Filter the listing below, please, and copy only the lines with the word "path".

RECORD EXCERPTS =
+--

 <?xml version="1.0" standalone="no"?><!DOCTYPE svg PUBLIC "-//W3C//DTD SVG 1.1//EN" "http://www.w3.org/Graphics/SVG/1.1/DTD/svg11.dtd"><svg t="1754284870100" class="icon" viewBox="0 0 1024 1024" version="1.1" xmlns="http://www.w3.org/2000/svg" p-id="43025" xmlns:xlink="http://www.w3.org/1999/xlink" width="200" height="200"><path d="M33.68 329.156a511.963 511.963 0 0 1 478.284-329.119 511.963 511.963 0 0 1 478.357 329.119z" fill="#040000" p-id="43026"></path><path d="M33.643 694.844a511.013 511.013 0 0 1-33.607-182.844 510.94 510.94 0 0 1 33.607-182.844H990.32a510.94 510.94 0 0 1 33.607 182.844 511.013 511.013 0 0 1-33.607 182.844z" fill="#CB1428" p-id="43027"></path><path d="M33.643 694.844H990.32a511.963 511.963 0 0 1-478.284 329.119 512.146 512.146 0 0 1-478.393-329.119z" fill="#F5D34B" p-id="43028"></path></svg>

+--

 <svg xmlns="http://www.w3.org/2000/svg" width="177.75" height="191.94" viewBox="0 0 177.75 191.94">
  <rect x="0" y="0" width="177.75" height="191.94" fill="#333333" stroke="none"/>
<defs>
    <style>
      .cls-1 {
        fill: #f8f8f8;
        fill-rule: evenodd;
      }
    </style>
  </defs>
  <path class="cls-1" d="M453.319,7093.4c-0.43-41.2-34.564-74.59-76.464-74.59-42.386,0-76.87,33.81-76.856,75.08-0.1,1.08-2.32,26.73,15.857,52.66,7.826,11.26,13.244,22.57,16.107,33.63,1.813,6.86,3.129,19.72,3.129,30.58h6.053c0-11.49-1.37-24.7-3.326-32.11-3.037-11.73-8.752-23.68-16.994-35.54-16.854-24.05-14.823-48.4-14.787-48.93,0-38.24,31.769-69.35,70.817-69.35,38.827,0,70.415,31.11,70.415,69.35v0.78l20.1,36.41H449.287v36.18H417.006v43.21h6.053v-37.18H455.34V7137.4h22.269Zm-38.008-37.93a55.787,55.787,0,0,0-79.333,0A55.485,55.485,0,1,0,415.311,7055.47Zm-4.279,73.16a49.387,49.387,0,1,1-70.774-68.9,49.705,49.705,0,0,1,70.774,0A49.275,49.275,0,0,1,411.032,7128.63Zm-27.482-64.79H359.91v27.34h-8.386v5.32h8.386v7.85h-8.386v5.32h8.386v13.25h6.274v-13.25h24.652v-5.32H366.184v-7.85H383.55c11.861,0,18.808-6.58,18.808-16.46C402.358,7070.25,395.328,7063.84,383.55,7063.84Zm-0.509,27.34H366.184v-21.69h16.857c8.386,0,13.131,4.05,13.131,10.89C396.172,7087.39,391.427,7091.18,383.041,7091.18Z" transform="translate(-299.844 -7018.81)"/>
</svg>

+--

WRITTEN SOLUTION =
 <?xml version="1.0" standalone="no"?><!DOCTYPE svg PUBLIC "-//W3C//DTD SVG 1.1//EN" "http://www.w3.org/Graphics/SVG/1.1/DTD/svg11.dtd"><svg t="1754284870100" class="icon" viewBox="0 0 1024 1024" version="1.1" xmlns="http://www.w3.org/2000/svg" p-id="43025" xmlns:xlink="http://www.w3.org/1999/xlink" width="200" height="200"><path d="M33.68 329.156a511.963 511.963 0 0 1 478.284-329.119 511.963 511.963 0 0 1 478.357 329.119z" fill="#040000" p-id="43026"></path><path d="M33.643 694.844a511.013 511.013 0 0 1-33.607-182.844 510.94 510.94 0 0 1 33.607-182.844H990.32a510.94 510.94 0 0 1 33.607 182.844 511.013 511.013 0 0 1-33.607 182.844z" fill="#CB1428" p-id="43027"></path><path d="M33.643 694.844H990.32a511.963 511.963 0 0 1-478.284 329.119 512.146 512.146 0 0 1-478.393-329.119z" fill="#F5D34B" p-id="43028"></path></svg>
  <path class="cls-1" d="M453.319,7093.4c-0.43-41.2-34.564-74.59-76.464-74.59-42.386,0-76.87,33.81-76.856,75.08-0.1,1.08-2.32,26.73,15.857,52.66,7.826,11.26,13.244,22.57,16.107,33.63,1.813,6.86,3.129,19.72,3.129,30.58h6.053c0-11.49-1.37-24.7-3.326-32.11-3.037-11.73-8.752-23.68-16.994-35.54-16.854-24.05-14.823-48.4-14.787-48.93,0-38.24,31.769-69.35,70.817-69.35,38.827,0,70.415,31.11,70.415,69.35v0.78l20.1,36.41H449.287v36.18H417.006v43.21h6.053v-37.18H455.34V7137.4h22.269Zm-38.008-37.93a55.787,55.787,0,0,0-79.333,0A55.485,55.485,0,1,0,415.311,7055.47Zm-4.279,73.16a49.387,49.387,0,1,1-70.774-68.9,49.705,49.705,0,0,1,70.774,0A49.275,49.275,0,0,1,411.032,7128.63Zm-27.482-64.79H359.91v27.34h-8.386v5.32h8.386v7.85h-8.386v5.32h8.386v13.25h6.274v-13.25h24.652v-5.32H366.184v-7.85H383.55c11.861,0,18.808-6.58,18.808-16.46C402.358,7070.25,395.328,7063.84,383.55,7063.84Zm-0.509,27.34H366.184v-21.69h16.857c8.386,0,13.131,4.05,13.131,10.89C396.172,7087.39,391.427,7091.18,383.041,7091.18Z" transform="translate(-299.844 -7018.81)"/>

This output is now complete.